The data:
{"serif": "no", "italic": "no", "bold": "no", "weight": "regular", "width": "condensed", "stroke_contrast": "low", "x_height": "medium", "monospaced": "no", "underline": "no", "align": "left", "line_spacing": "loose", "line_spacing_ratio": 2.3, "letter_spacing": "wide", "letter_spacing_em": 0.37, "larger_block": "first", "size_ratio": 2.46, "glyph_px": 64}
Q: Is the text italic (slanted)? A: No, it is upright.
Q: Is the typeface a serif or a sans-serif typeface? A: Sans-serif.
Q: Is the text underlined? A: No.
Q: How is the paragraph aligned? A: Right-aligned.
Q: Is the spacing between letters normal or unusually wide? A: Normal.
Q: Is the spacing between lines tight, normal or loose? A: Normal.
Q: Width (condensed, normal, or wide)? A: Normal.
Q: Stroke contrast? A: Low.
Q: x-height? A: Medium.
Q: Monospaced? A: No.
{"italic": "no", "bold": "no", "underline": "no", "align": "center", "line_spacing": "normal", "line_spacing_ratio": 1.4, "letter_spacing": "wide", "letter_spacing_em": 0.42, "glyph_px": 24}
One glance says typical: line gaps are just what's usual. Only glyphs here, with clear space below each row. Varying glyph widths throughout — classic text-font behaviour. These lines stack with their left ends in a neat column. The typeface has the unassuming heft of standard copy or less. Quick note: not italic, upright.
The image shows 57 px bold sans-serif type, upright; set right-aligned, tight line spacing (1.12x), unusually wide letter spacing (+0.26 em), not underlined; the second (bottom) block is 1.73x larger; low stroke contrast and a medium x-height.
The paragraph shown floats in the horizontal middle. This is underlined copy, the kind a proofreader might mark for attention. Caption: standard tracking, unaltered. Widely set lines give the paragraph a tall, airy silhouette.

==

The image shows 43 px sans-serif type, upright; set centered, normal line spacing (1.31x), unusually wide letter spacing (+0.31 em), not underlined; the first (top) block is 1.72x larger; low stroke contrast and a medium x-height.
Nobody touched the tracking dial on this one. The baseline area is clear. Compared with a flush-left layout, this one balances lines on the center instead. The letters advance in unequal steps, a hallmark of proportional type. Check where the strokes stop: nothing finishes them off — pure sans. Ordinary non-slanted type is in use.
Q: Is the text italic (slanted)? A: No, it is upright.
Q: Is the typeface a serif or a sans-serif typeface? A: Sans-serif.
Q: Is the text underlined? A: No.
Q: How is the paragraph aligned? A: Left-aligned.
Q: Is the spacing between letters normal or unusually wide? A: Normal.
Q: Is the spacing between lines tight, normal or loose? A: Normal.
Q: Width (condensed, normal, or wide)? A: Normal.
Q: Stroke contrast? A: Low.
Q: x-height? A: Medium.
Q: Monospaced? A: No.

* * *

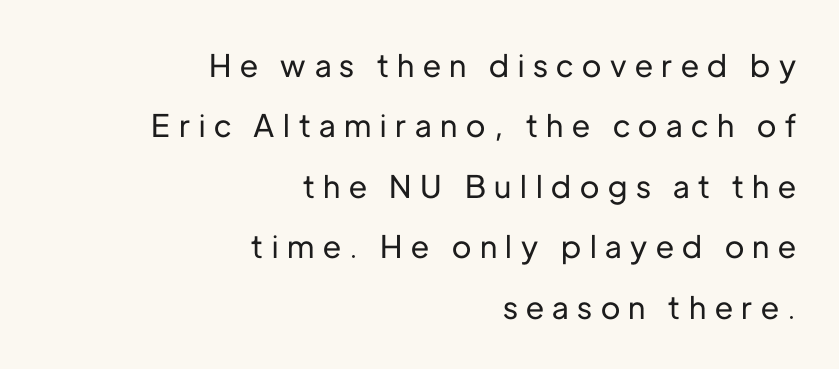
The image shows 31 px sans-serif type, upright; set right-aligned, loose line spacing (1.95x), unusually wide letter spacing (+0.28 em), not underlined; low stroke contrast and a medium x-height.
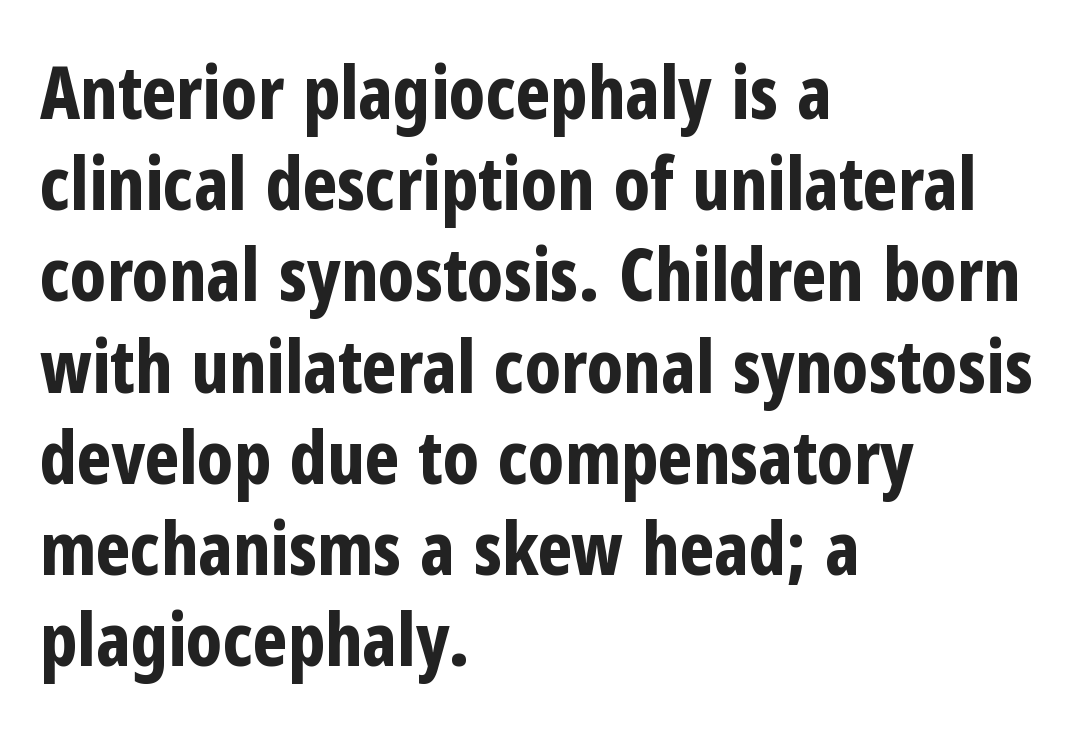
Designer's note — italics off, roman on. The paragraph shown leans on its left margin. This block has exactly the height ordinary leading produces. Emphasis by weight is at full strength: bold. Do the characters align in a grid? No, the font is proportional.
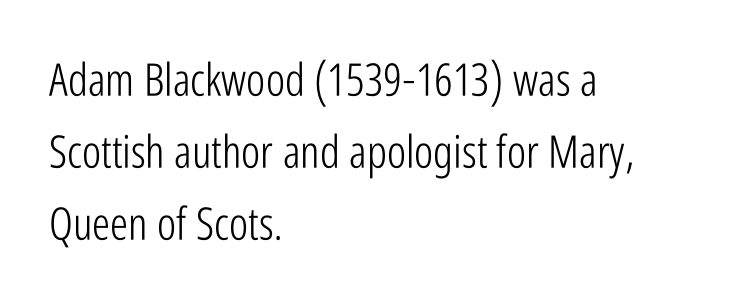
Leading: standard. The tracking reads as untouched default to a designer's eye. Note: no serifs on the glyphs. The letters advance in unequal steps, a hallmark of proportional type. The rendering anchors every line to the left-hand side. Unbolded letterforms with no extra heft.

About this task: Show all lines above that contain "shows".

Solution to this task:
The image shows 57 px bold sans-serif type, upright; set right-aligned, tight line spacing (1.12x), unusually wide letter spacing (+0.26 em), not underlined; the second (bottom) block is 1.73x larger; low stroke contrast and a medium x-height.
The image shows 43 px sans-serif type, upright; set centered, normal line spacing (1.31x), unusually wide letter spacing (+0.31 em), not underlined; the first (top) block is 1.72x larger; low stroke contrast and a medium x-height.
The image shows 31 px sans-serif type, upright; set right-aligned, loose line spacing (1.95x), unusually wide letter spacing (+0.28 em), not underlined; low stroke contrast and a medium x-height.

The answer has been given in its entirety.